O TPI, o tribunal mundial permanente para crimes de guerra com 125 Estados-membros, foi alvo das restrições em Fevereiro, tendo a Casa Branca afirmado que a medida foi em resposta às “acções ilegítimas e infundadas que visam a América e o nosso aliado próximo, Israel”.
A ordem seguiu-se à decisão do TPI de emitir mandados de prisão para o primeiro-ministro israelita, Benjamin Netanyahu, e para o seu antigo ministro da Defesa, Yoav Gallant, por “crimes contra a humanidade e crimes de guerra” cometidos durante a guerra genocida em Gaza.
Nem Israel nem os EUA são membros do TPI.
‘Agora estou na lista dos implicados no terrorismo’
Prost, que foi citada na última rodada de sanções em agosto, disse à AP que havia perdido o acesso aos seus cartões de crédito, comprado e-books desaparecidos de seu dispositivo e Alexa, da Amazon, parou de responder a ela.
“É a incerteza”, disse ela. “São pequenos aborrecimentos, mas que se acumulam.”
Prost foi sancionado por votar para permitir a investigação do tribunal sobre alegados crimes de guerra e crimes contra a humanidade cometidos no Afeganistão, incluindo por soldados e agentes de inteligência dos EUA.
“Trabalhei toda a minha vida na justiça criminal e agora estou na lista dos implicados no terrorismo e no crime organizado”, disse ela.
Luz del Carmen Ibanez Carranza, juíza peruana sancionada, disse que as sanções de viagem dos EUA, que também se estendiam a familiares, significavam que as suas filhas não podiam mais participar em conferências nos EUA.
As sanções ameaçam empresas e indivíduos com multas substanciais nos EUA e penas de prisão se fornecerem às pessoas sancionadas “apoio financeiro, material ou tecnológico”, levando-as a retirar serviços aos indivíduos visados.
“Você nunca tem certeza quando seu cartão não está funcionando em algum lugar, se isso é apenas uma falha ou se esta é a sanção”, disse o procurador-adjunto Nazhat Shameem Khan à AP.
Relatos de ameaças sobre mandados
As sanções são alegadamente apenas uma das medidas que foram tomadas contra o tribunal numa tentativa de exercer pressão sobre os mandados de prisão contra Netanyahu e Gallant.

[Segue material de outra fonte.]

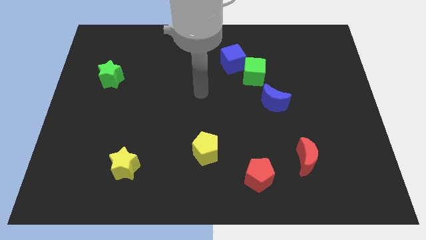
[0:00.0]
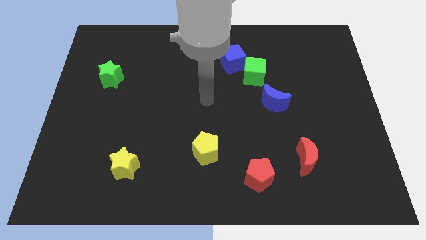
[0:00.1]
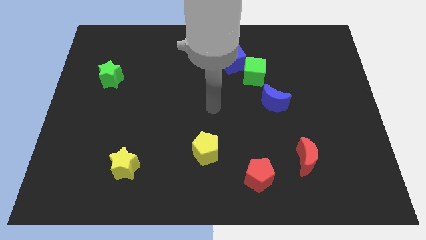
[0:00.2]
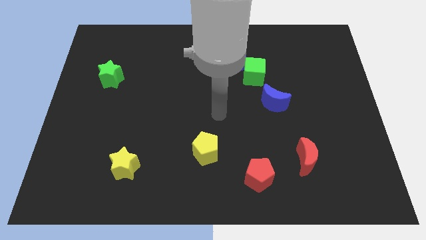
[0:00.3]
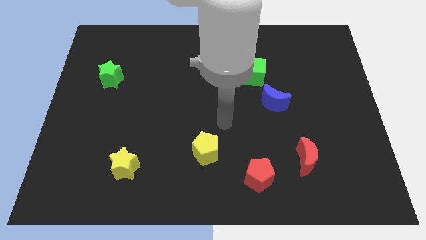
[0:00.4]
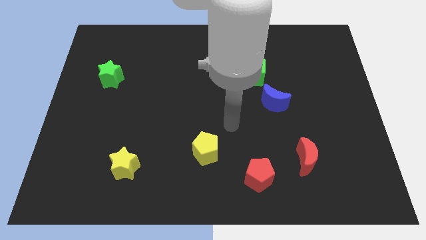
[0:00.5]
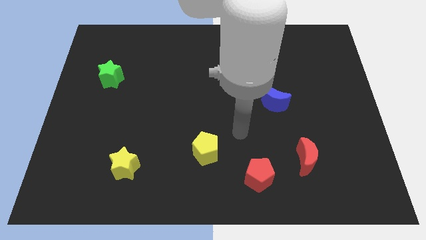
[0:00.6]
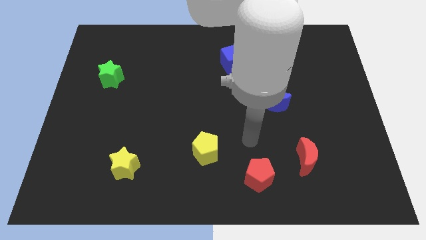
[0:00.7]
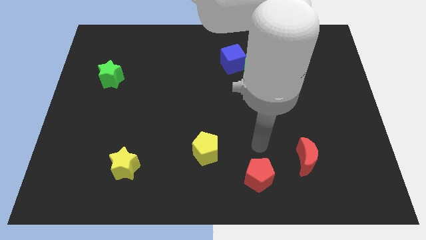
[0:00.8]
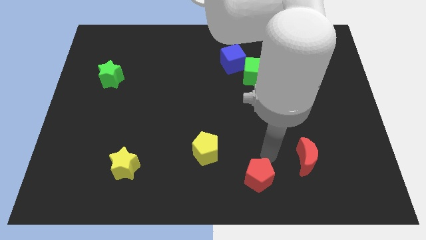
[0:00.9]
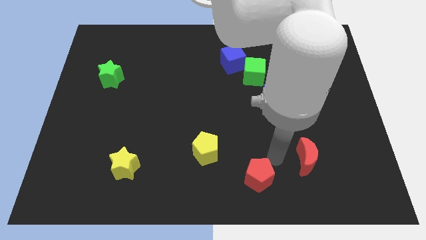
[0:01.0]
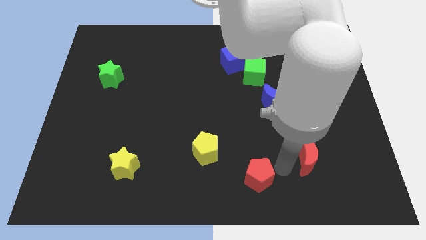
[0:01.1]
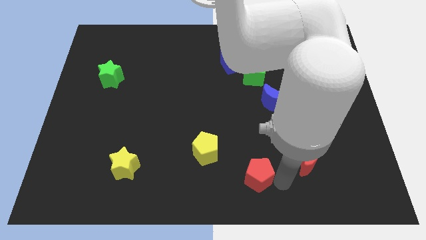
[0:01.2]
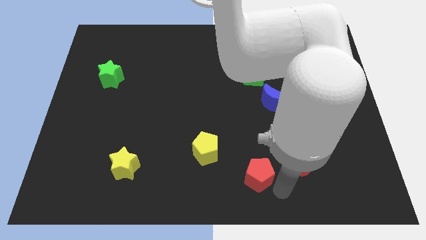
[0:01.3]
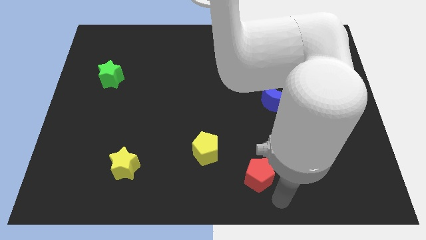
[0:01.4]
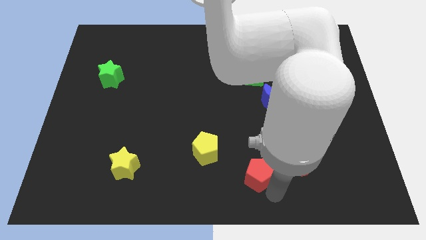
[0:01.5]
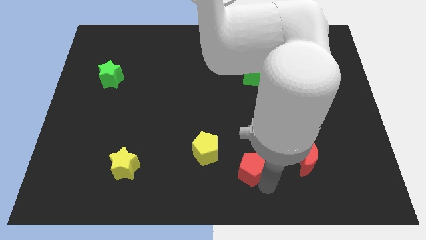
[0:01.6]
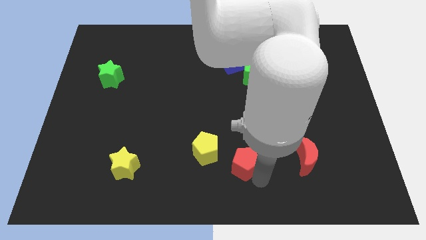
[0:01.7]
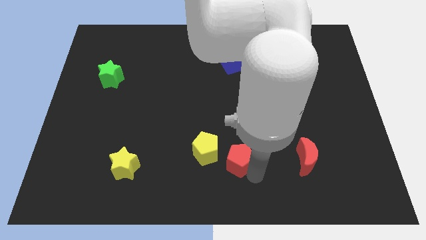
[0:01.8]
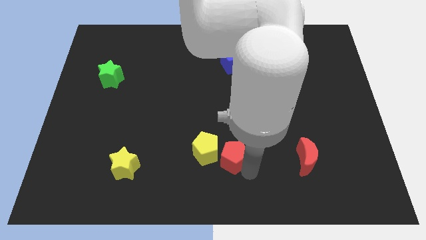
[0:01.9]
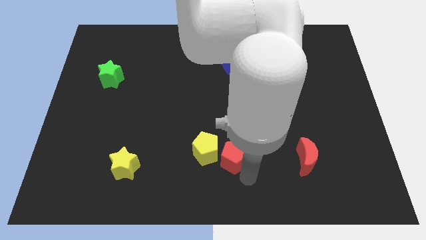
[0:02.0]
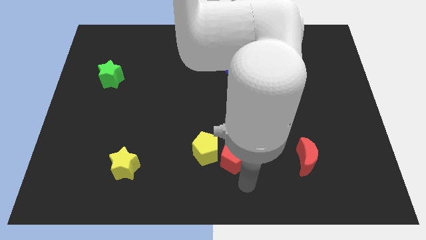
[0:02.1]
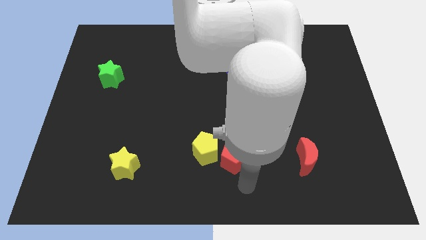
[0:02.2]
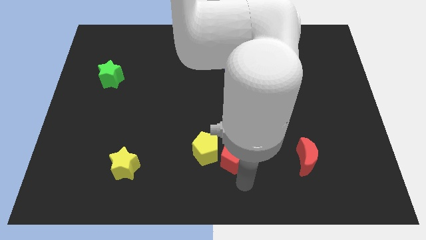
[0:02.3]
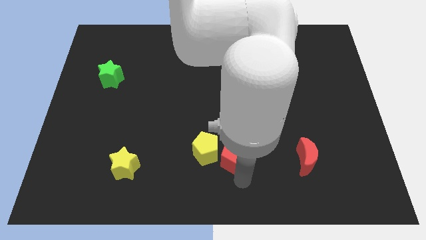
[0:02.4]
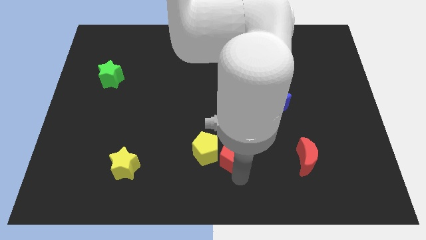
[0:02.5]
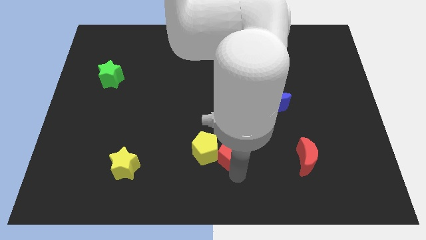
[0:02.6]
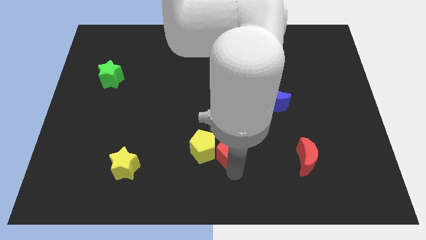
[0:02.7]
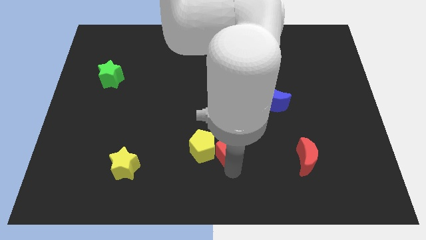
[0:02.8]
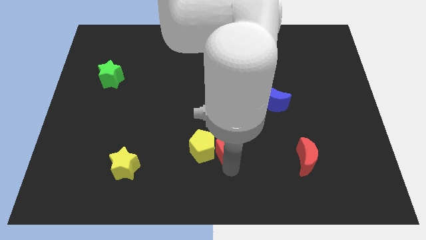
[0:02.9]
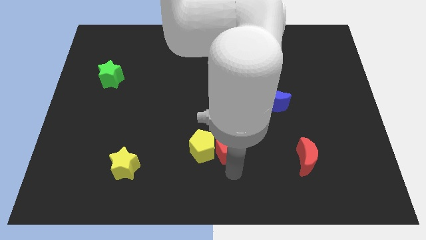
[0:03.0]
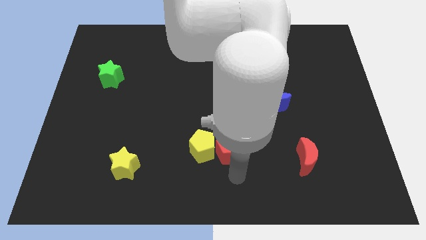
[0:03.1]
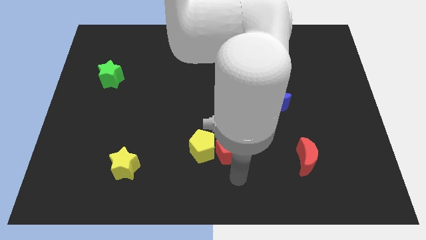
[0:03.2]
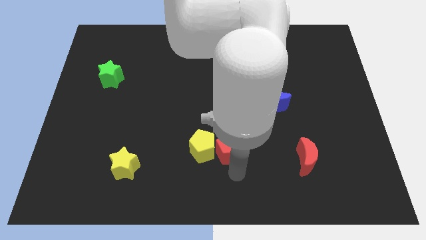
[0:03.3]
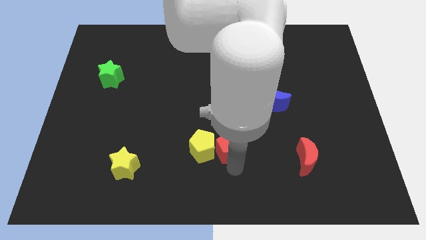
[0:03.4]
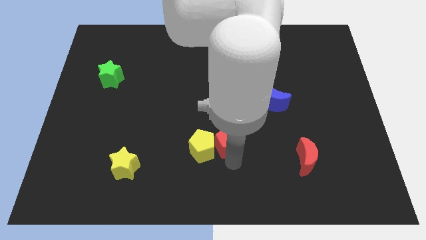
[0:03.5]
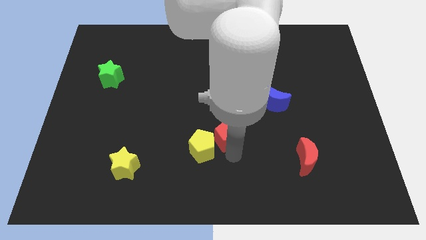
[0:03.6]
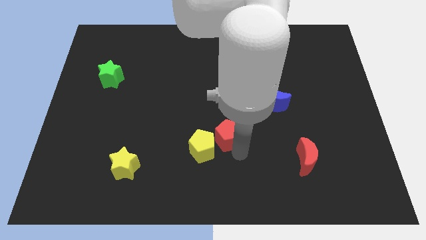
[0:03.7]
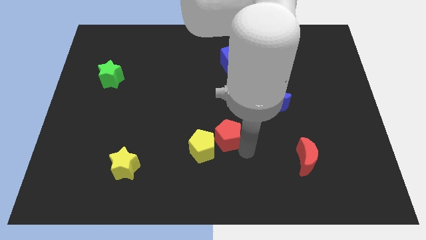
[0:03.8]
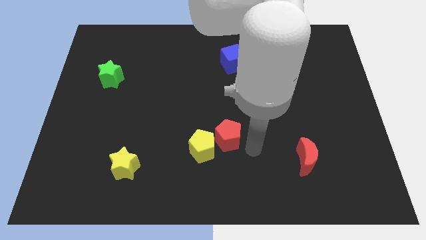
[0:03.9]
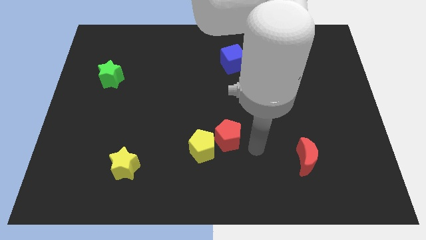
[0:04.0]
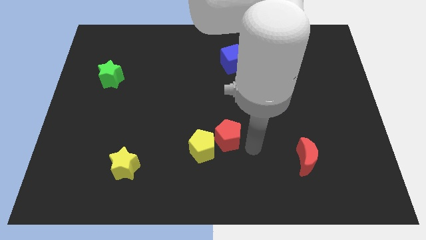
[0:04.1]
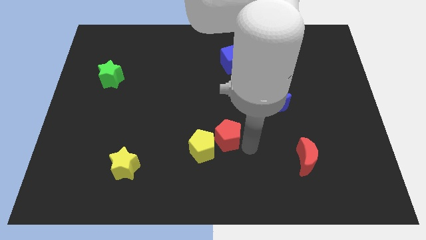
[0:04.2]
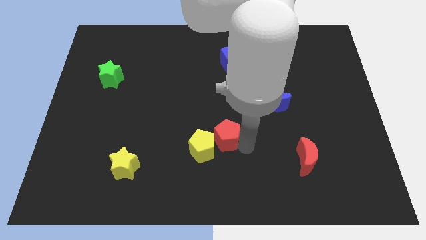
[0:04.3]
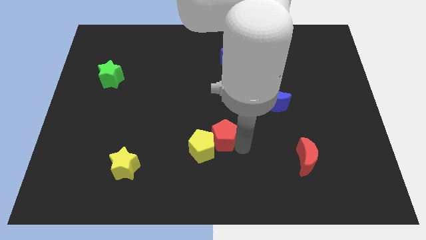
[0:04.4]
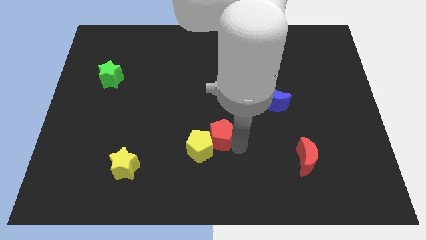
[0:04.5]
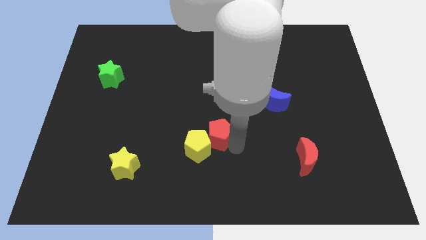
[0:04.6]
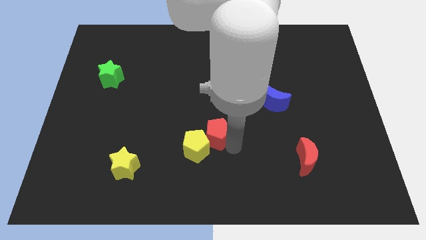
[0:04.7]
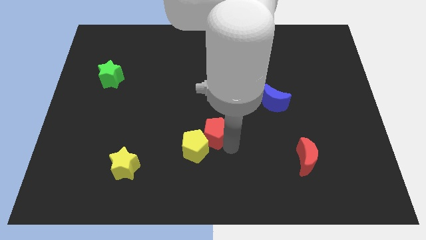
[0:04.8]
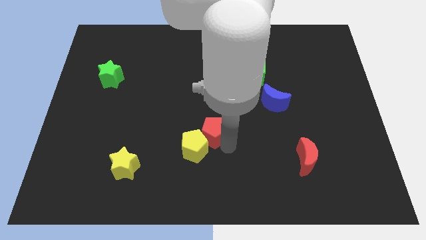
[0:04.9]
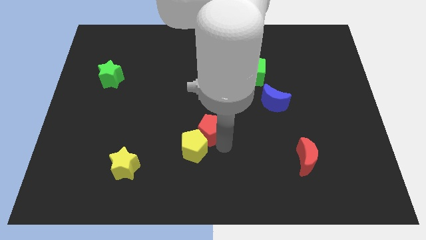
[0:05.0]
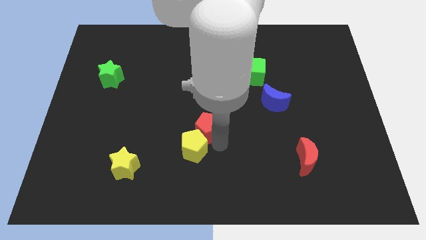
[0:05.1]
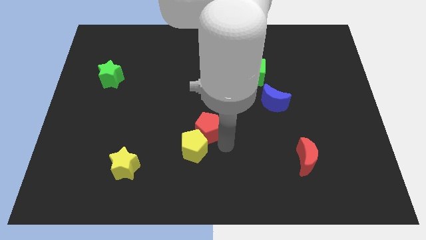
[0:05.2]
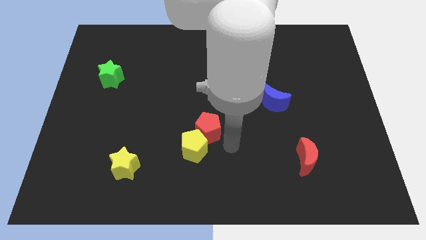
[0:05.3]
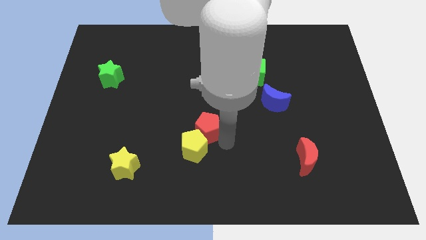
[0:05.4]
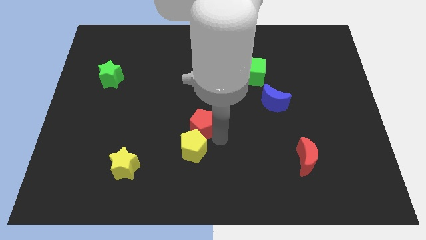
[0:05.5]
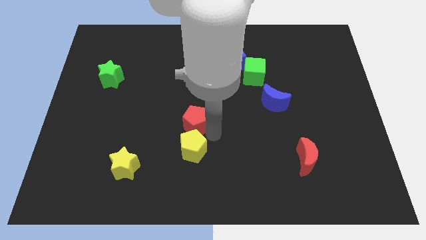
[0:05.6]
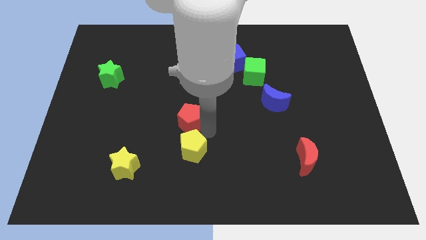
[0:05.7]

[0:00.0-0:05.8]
move the red pentagon upwards and to the left

Em Julho, o website Middle East Eye (MEE) informou que o procurador-chefe do tribunal, Karim Khan, foi avisado de que ele e o TPI seriam “destruídos” se os mandados não fossem retirados.

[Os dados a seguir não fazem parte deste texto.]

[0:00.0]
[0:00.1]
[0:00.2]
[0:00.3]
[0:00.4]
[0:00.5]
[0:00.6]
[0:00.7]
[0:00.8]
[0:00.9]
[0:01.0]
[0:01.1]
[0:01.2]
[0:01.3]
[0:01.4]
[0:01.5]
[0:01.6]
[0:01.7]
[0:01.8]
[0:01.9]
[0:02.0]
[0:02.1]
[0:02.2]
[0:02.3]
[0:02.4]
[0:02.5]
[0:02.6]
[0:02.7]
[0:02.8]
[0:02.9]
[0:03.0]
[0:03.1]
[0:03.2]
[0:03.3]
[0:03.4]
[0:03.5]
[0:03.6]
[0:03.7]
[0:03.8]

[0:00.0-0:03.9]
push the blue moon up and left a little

A ameaça teria vindo de Nicholas Kaufman, um advogado de defesa britânico-israelense do tribunal ligado a um conselheiro de Netanyahu. Khan disse que o consultor jurídico do líder israelense lhe disse que ele estava “autorizado” a fazer uma proposta a Khan que permitiria ao promotor “descer da árvore”, informou o site de notícias.
O site informou em agosto que Khan também havia sido avisado em particular pelo então secretário de Relações Exteriores britânico, David Cameron, em abril do ano anterior, de que o Reino Unido retiraria fundos e se retiraria do TPI se emitisse os mandados contra Netanyahu e Gallant, enquanto em maio de 2024, o senador republicano dos EUA Lindsey Graham também “ameaçou” Khan com sanções se ele solicitasse os mandados.
Em maio, o gabinete de Khan anunciou que ele tinha tirado uma licença enquanto se aguarda a conclusão de uma investigação liderada pela ONU sobre alegações de má conduta sexual contra ele, com dois procuradores-adjuntos assumindo as suas responsabilidades.
Seus advogados disseram que ele rejeitou todas as alegações de irregularidades e apenas se afastou temporariamente devido ao intenso escrutínio da mídia.